Baco adolescente
Baco es barroco.
Es indiscutible la intención de Caravaggio con Baco (1595). No únicamente hace gala de un escorzo perfecto —véase la fuerza de los músculos tensos, la soltura con la que se desliza la tela sobre su pecho fornido—, sino el carácter de festejo desenfrenado que retorcía a la capital italiana durante el siglo XVII. Está la fruta, está el vino y, sobre todo, está la mirada seductora del dios del libertinaje, que parece sostener una promesa de sobriedad perdida en la mano izquierda, dentro de la copa que ofrece a sus invitados.

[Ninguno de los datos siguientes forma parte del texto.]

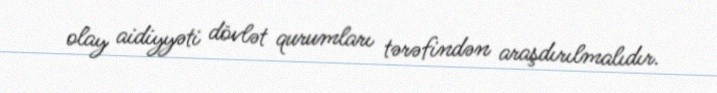
olay aidiyyəti dövlət qurumları tərəfindən araşdırılmalıdır.
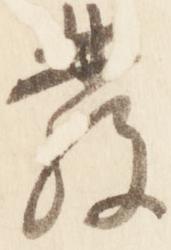
発
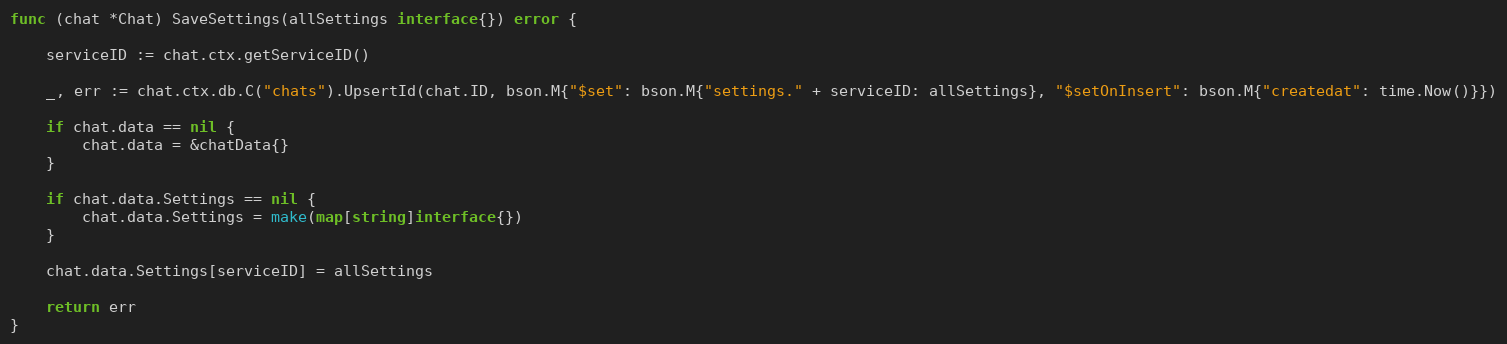
Language: Go
func (chat *Chat) SaveSettings(allSettings interface{}) error {

	serviceID := chat.ctx.getServiceID()

	_, err := chat.ctx.db.C("chats").UpsertId(chat.ID, bson.M{"$set": bson.M{"settings." + serviceID: allSettings}, "$setOnInsert": bson.M{"createdat": time.Now()}})

	if chat.data == nil {
		chat.data = &chatData{}
	}

	if chat.data.Settings == nil {
		chat.data.Settings = make(map[string]interface{})
	}

	chat.data.Settings[serviceID] = allSettings

	return err
}
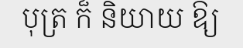
បុត្រ ក៏ និយាយ ឱ្យ
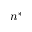
n ^ { \ast }
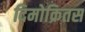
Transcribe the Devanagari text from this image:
दिमोक्रितस
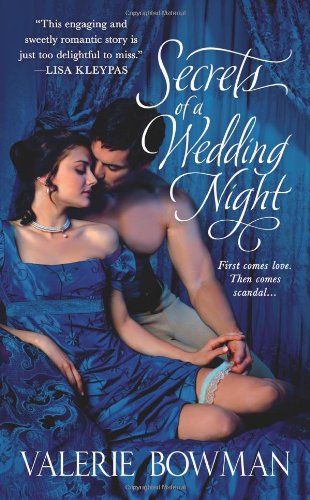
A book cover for Secrets of a Wedding Night (Secret Brides Volume 1); Valerie Bowman; Literature & Fiction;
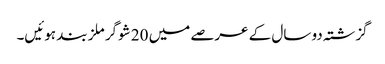
گزشتہ دو سال کے عرصے میں 20 شوگر ملز بند ہوئیں۔
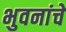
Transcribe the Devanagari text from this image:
भुवनांचे
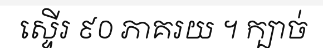
ស្ទើរ ៩០ ភាគរយ ។ ក្បាច់
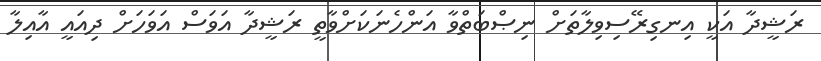
ރަޝީދާ އަކީ އިނގިރޭސިވިލާތަށް ނިޞްބަތްވާ އަންހެނަކަށްވާތީ ރަޝީދާ އަވަސް އަވަހަށް ދިއައީ އާއިލާ
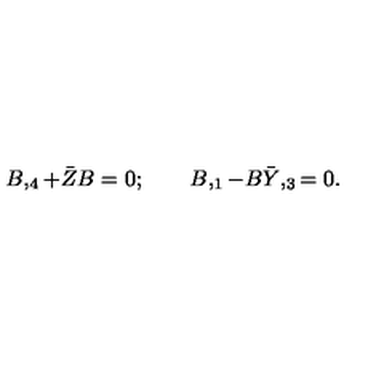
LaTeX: B , _ { 4 } + \bar { Z } B = 0 ; \qquad B , _ { 1 } - B \bar { Y } , _ { 3 } = 0 .
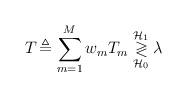
LaTeX: \begin{align*}T_{ }\triangleq\sum_{m=1}^{M} w_m T_m \overset{ \mathcal{H}_1 }{ \underset{ \mathcal{H}_0 }{\gtrless} } \lambda\end{align*}

El personaje encarna las características que definen al maestro milanés: está el manejo perfecto de la tridimensionalidad, el carácter sensorial de los elementos representados, y esa manera tan particular de Caravaggio de aterrizar en un plano terreno aquello que se tiene como sagrado. Baco no es más que un anfitrión más de los bacanales romanos en la pieza: ése que siempre invita otra copita, ése que se ríe con todos los presentes, ése que está dispuesto a otro trago más.
Baco mira al espectador con las mejillas sonrosadas. Es la sonrisa de la vida laxa, de la vida suave, de la vida de la fiesta y del lujo de la buena fortuna. Se le ve fuerte, vigoroso, atento a las necesidades más instintivas del cuerpo. Y con esa misma soltura desobligada, ofrece una copa de vino, a manera de invitación para formar parte de la bonanza. Todo él es goce: seda fina, fruta madura y mirada difusa, quizá, por la influencia del alcohol que le tiñe los dedos de rojo. Baco es bonanza. Baco es fiesta. Baco es barroco. Baco es Roma.